Where does the word "dynamicState" occur in the data below? Copy each line that holds it.

---

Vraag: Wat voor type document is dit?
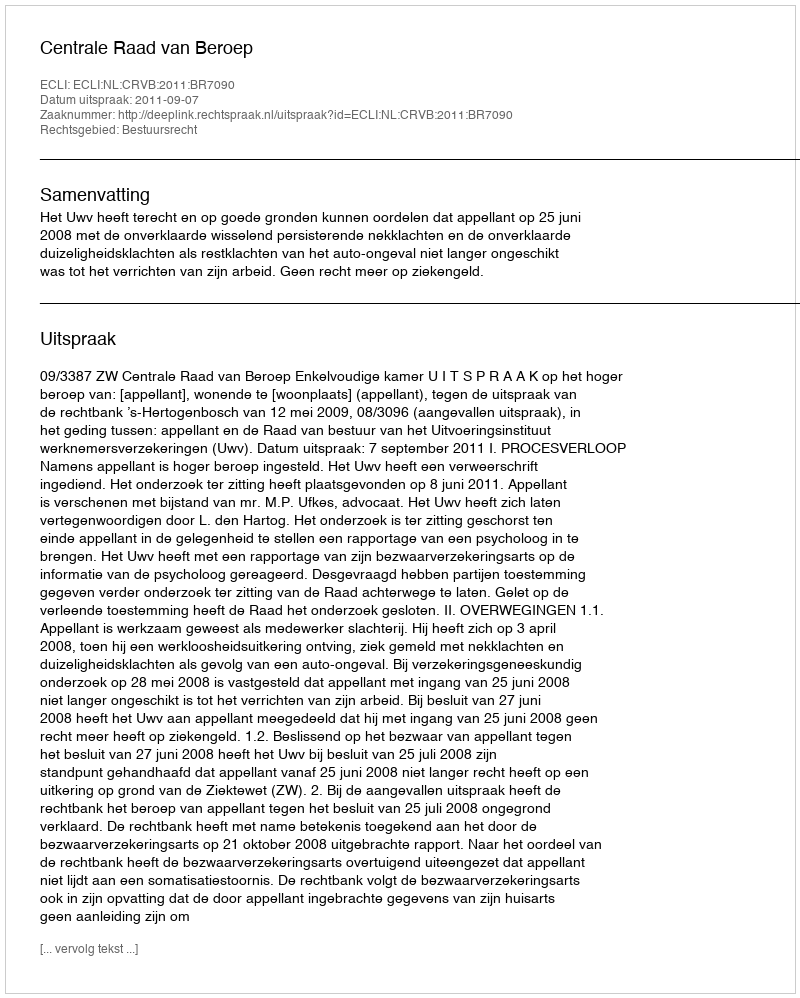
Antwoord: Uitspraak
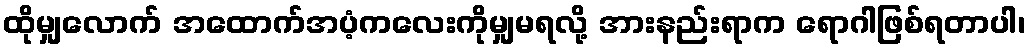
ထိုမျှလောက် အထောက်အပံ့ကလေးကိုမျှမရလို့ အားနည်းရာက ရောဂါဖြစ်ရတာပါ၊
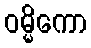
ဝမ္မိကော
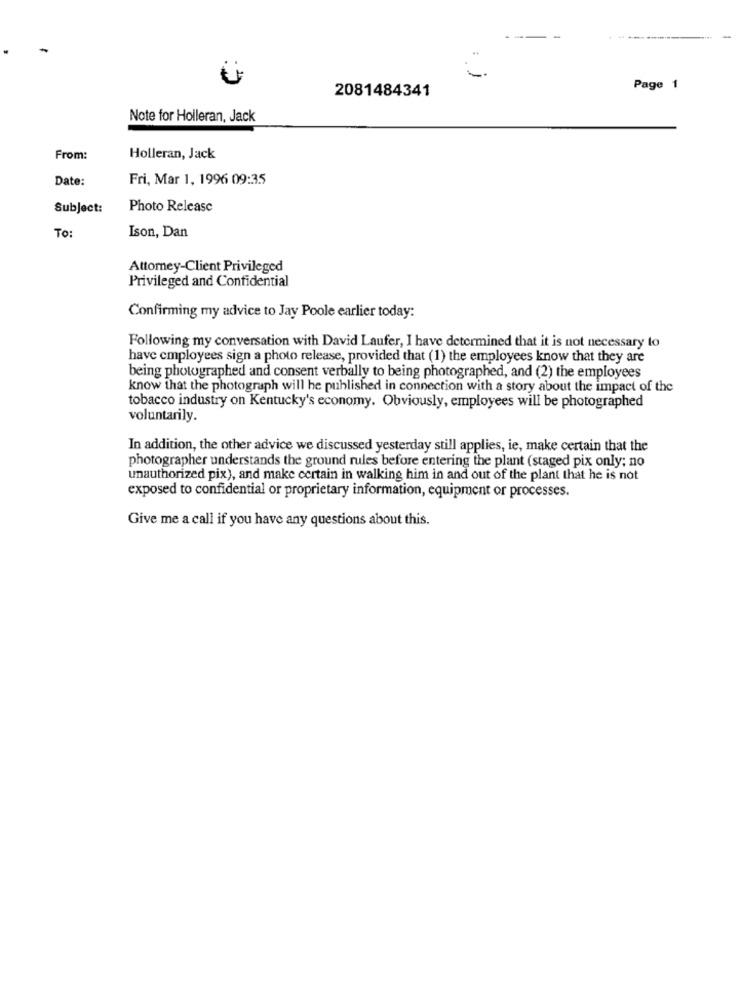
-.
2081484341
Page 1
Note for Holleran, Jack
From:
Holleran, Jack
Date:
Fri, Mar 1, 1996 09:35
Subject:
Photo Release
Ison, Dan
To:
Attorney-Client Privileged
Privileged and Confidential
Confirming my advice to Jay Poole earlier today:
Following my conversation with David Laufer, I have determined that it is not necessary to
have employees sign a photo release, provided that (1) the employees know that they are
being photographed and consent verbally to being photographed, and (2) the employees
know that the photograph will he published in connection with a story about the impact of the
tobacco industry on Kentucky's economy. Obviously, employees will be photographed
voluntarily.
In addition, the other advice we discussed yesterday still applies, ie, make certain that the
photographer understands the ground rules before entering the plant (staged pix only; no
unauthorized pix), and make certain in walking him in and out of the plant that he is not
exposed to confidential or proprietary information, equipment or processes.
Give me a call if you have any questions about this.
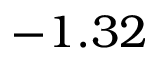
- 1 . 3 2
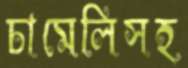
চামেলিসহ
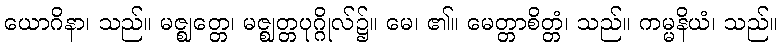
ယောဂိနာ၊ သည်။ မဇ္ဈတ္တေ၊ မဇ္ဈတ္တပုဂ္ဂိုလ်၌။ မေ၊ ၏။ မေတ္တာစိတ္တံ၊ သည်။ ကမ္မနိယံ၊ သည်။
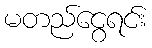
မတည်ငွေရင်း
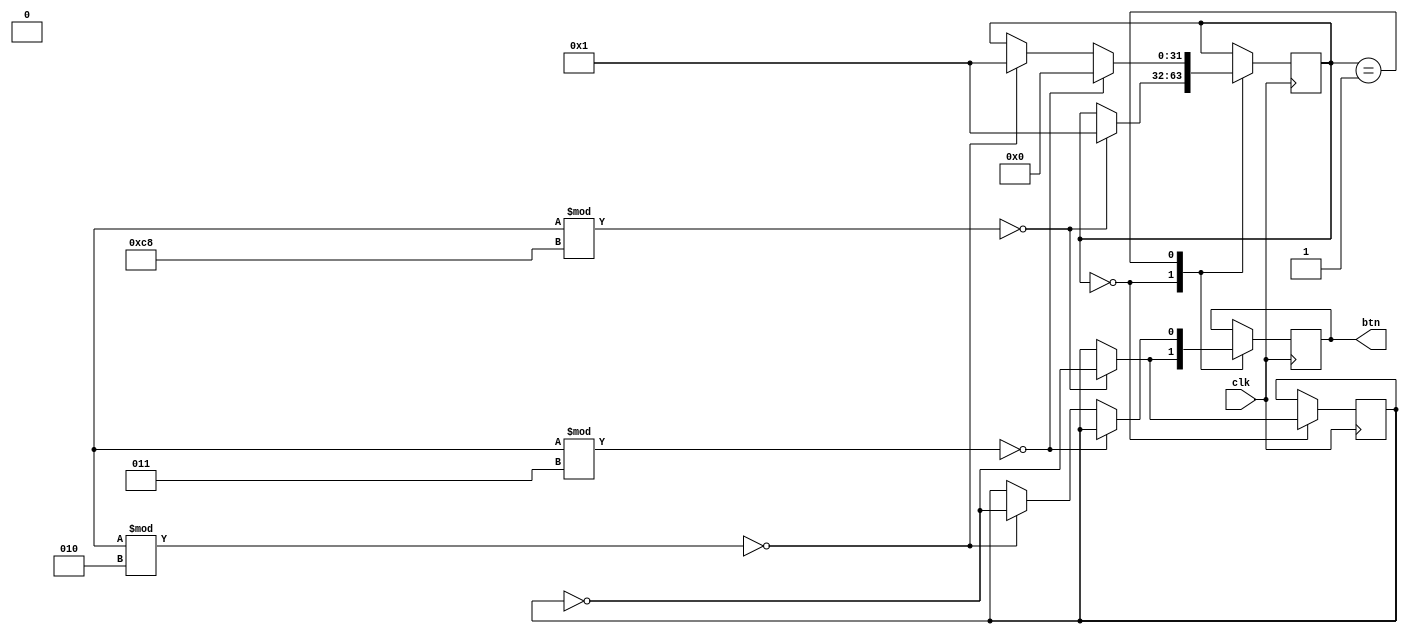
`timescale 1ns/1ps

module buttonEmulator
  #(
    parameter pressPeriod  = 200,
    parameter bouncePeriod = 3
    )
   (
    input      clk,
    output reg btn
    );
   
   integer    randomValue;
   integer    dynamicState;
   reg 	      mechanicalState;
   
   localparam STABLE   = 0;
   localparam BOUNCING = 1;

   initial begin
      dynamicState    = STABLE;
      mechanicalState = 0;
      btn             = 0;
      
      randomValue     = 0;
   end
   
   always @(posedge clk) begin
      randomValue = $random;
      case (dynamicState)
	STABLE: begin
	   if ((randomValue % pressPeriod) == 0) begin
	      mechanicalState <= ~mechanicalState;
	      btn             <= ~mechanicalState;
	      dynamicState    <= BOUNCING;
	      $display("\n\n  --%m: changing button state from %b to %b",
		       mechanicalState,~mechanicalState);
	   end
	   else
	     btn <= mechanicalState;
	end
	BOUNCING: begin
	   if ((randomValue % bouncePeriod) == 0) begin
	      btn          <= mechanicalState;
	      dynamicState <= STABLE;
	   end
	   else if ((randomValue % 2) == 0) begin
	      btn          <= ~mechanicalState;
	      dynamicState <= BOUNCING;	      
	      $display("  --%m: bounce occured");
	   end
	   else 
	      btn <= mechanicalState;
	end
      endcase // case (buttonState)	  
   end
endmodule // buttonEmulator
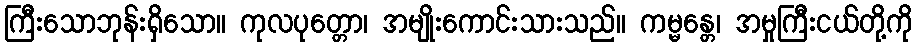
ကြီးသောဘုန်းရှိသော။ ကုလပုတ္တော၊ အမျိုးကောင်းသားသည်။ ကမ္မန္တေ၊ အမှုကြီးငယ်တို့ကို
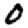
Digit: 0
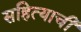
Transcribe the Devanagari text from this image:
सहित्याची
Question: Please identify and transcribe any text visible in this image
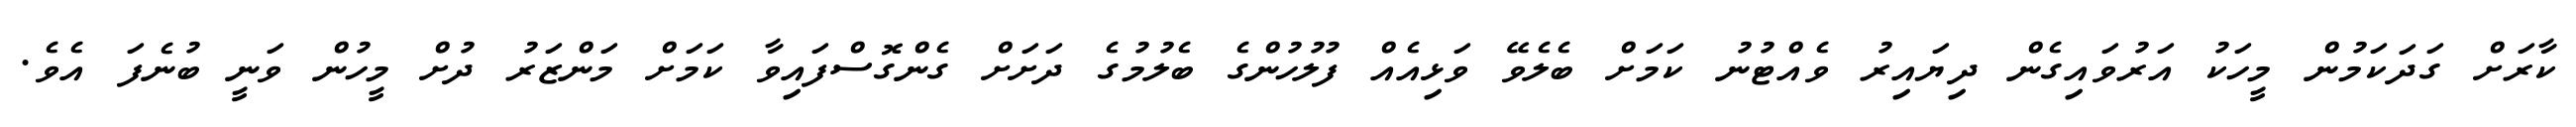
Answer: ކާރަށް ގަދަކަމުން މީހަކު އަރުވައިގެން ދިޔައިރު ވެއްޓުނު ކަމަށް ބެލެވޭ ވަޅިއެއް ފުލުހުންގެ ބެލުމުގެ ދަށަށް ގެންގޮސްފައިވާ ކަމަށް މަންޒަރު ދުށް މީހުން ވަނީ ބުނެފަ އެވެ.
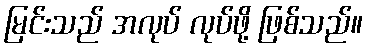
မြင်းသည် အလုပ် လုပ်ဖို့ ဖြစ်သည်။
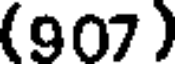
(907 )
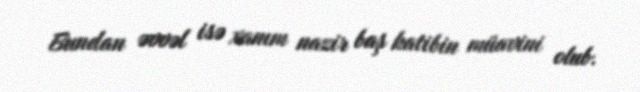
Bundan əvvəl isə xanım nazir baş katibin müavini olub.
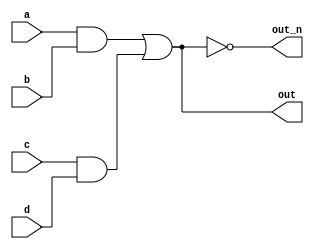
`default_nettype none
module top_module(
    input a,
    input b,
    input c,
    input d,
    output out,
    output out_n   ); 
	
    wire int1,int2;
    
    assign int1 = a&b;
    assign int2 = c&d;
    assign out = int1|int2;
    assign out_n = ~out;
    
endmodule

---

### [EXPECTED OUTPUT]
   integer    dynamicState;
      dynamicState    = STABLE;
      case (dynamicState)
	      dynamicState    <= BOUNCING;
	      dynamicState <= STABLE;
	      dynamicState <= BOUNCING;	      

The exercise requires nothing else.